How much energy will be liberated upon the combustion of 12.5 grams of ethene?
C2H4(g) + 3O2(g) ----> 2CO2(g) + 2H2O(g)
Delta H = -1387.4 kj
q = 1387.4 kJ x (12.5 g/26 g) = ? kJ liberated
To calculate the amount of energy liberated upon the combustion of ethene (C2H4), you will need to use the equation you provided and the given enthalpy change (ΔH). The molar mass of ethene is required to convert the given mass of ethene into moles.

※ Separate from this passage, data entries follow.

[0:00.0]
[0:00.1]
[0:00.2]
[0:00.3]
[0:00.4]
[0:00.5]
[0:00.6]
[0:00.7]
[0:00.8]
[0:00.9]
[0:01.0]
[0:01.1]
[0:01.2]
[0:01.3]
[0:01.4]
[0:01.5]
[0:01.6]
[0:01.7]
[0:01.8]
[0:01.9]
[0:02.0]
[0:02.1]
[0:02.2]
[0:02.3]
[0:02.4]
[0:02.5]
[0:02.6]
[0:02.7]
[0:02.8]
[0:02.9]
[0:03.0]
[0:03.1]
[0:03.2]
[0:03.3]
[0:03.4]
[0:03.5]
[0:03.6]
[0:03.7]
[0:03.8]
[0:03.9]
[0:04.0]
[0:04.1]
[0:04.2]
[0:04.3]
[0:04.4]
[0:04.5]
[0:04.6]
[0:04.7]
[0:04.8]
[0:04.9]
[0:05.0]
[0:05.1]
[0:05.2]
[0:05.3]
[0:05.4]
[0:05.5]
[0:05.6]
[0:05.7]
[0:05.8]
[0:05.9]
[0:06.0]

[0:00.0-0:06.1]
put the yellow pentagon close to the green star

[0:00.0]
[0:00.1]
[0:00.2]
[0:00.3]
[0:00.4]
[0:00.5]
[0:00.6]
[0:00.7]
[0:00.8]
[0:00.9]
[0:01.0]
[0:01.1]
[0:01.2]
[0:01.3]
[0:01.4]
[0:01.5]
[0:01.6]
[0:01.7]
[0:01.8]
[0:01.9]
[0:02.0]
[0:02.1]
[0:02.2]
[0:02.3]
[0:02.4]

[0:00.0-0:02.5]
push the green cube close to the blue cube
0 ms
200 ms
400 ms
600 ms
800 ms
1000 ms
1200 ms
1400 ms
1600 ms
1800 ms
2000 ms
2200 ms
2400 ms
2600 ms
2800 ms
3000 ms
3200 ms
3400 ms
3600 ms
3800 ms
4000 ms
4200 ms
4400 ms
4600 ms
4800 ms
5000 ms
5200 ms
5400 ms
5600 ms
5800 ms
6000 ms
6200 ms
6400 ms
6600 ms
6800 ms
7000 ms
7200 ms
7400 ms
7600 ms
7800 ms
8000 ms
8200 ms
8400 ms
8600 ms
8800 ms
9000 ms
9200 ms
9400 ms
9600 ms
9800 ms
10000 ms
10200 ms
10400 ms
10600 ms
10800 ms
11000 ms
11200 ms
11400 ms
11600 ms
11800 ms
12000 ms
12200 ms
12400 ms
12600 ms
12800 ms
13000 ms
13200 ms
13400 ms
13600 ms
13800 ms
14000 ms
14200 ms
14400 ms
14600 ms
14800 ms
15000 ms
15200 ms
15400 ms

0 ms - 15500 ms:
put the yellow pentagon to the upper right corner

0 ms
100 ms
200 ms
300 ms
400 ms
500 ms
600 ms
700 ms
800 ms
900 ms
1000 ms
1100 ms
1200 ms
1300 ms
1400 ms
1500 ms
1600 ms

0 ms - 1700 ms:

1. Calculate the number of moles of C2H4:
- Molar mass of C2H4 = 2(12.01 g/mol) + 4(1.01 g/mol) = 28.05 g/mol
- Moles of C2H4 = Mass / Molar mass = 12.5 g / 28.05 g/mol
2. Use the balanced chemical equation to determine the molar ratio between C2H4 and ΔH:
- According to the equation:
C2H4(g) + 3O2(g) -> 2CO2(g) + 2H2O(g)
- From the equation, you can see that the stoichiometric coefficient of C2H4 is 1, and the stoichiometric coefficient of ΔH is -1387.4 kJ.
3. Calculate the energy liberated:
- Energy liberated = Moles of C2H4 x ΔH
- Calculate: Energy liberated = Moles of C2H4 x ΔH = (12.5 g / 28.05 g/mol) x -1387.4 kJ/mol
By following these steps, you will be able to determine the amount of energy liberated upon the combustion of 12.5 grams of ethene.